Le chef, sur le moment, se gratta la tête. Marier sa fille à un homme certes beau, mais qui ne possédait rien ? Cela dit, ce beau gars, seulement armé de son courage, était prêt à risquer sa vie, et mourir pour Maylis. Alors le chef appela sa femme.
- Accorde-le-lui, dit-elle. Si jamais il y arrive, je veux bien lui accorder Maylis… Et puis, tiens, offre-lui donc la forêt de Téthieu. Un homme qui sait triompher d’un dragon saura s’occuper d’un grand domaine.

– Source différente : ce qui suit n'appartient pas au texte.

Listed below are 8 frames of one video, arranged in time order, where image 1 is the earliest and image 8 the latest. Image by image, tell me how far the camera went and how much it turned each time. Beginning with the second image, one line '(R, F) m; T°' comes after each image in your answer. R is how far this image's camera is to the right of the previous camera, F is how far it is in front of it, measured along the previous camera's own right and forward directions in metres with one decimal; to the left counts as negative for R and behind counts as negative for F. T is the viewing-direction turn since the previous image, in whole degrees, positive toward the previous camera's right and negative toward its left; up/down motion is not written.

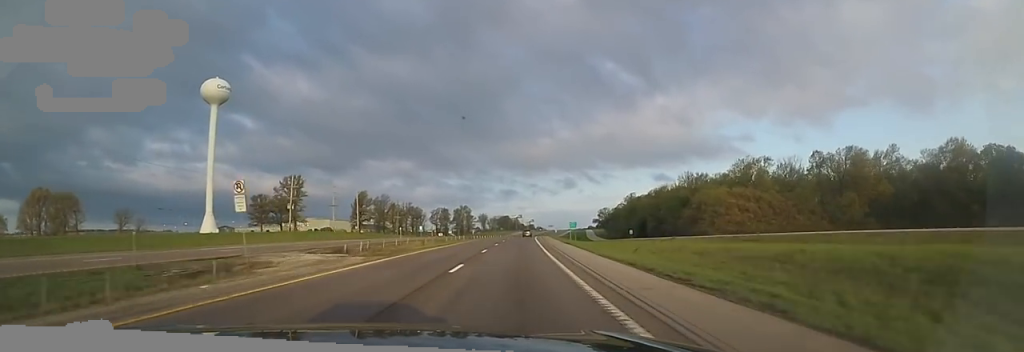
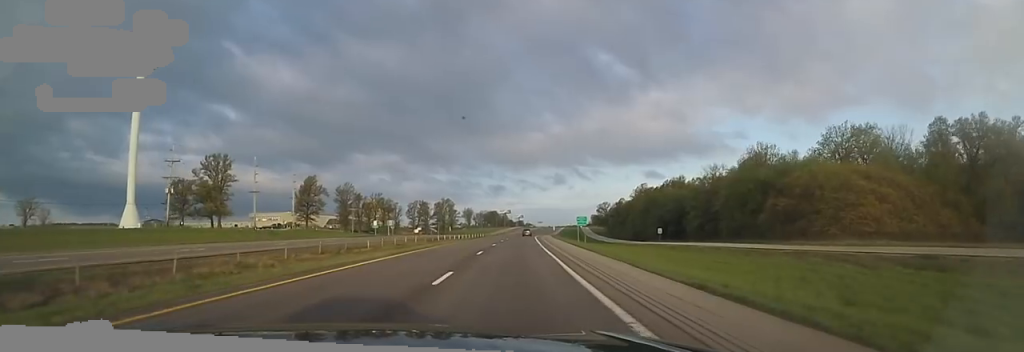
(-0.6, +41.1) m; +1°
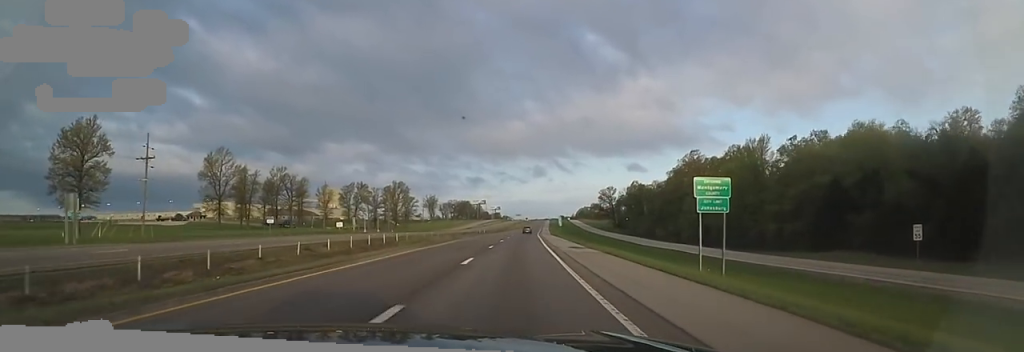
(+4.0, +79.9) m; +3°
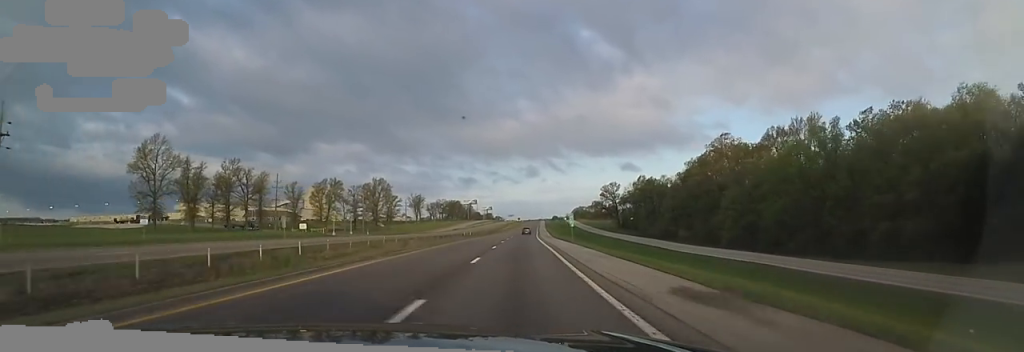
(-0.1, +23.7) m; 0°
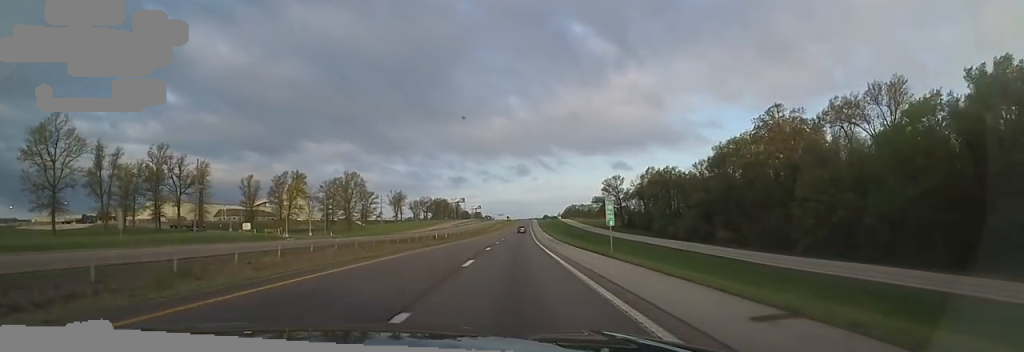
(0.0, +26.1) m; +1°
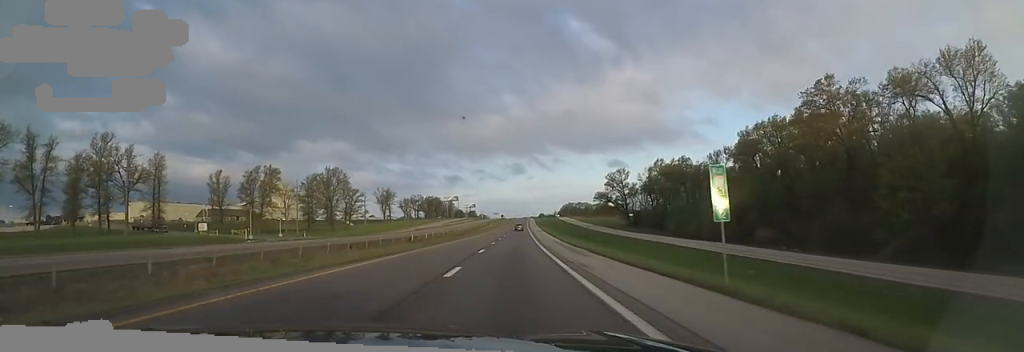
(0.0, +15.9) m; +1°
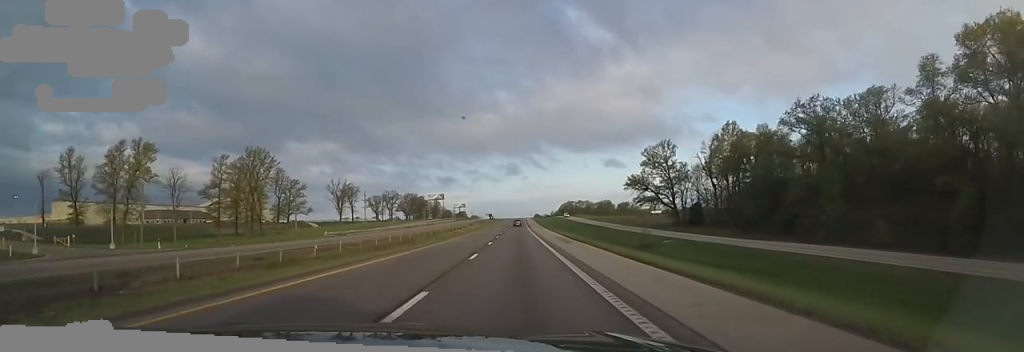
(+0.5, +55.0) m; +1°
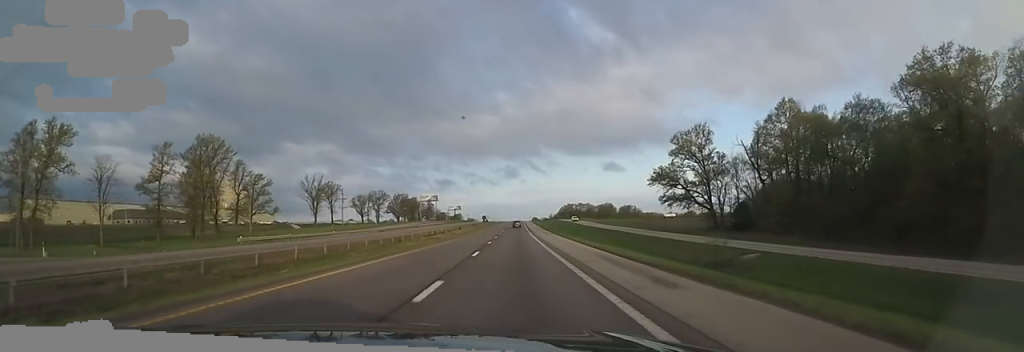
(+0.4, +22.1) m; 0°

- Bien, dit le chef. Vincent, si je vous revois, je vous serais extrêmement reconnaissant.
- Merci, monsieur.
Et Vincent, le lendemain matin, prit les deux bœufs les plus gras du village, le baquet d’eau salée, et emmena tout cela à la forêt de Téthieu. Auparavant, il était allé à la forge, où il s’était fait fabriquer une épée magique, ornée de pierres précieuses. Puis il se rendit au bord du fleuve et attacha les bœufs aux chênes robustes de la forêt. Et il installa le baquet d’eau salée. Puis il se cacha dans les buissons, son épée à la main. Il n’eut pas à attendre longtemps : le dragon avait senti l’odeur et entendu les mugissements des bœufs, et se régala de la chair du premier, après l’avoir tué d’un seul coup de dents. Vincent tremblait devant la terrible bête, mais il attendit son heure, la main sur le pommeau de son épée. Le dragon mit davantage de temps à tuer puis manger le second bœuf. Il était repu. Après cela, il se précipita sur le baquet d’eau salée, le vida, mais bien sûr il eut soif, alors il but encore, dans l’Adour. Enfin, vaincu par une digestion paresseuse, il s’étala sur le côté droit, ferma les yeux et s’endormit. Vincent bondit alors de sa cachette, et lui enfonça son épée magique dans le cœur.
Il revint à Téthieu triomphant, et épousa Maylis quelques jours plus tard. Le chef écouta le conseil de sa femme, et accorda aussi à Vincent toute la forêt. Les deux jeunes mariés surent effectivement rendre ce lieu agréable et l’utiliser à leur profit. Ils construisirent une belle maison, où ils vécurent heureux et longtemps, avec leurs enfants. A ce jour, le domaine appartient toujours à leurs nombreux descendants.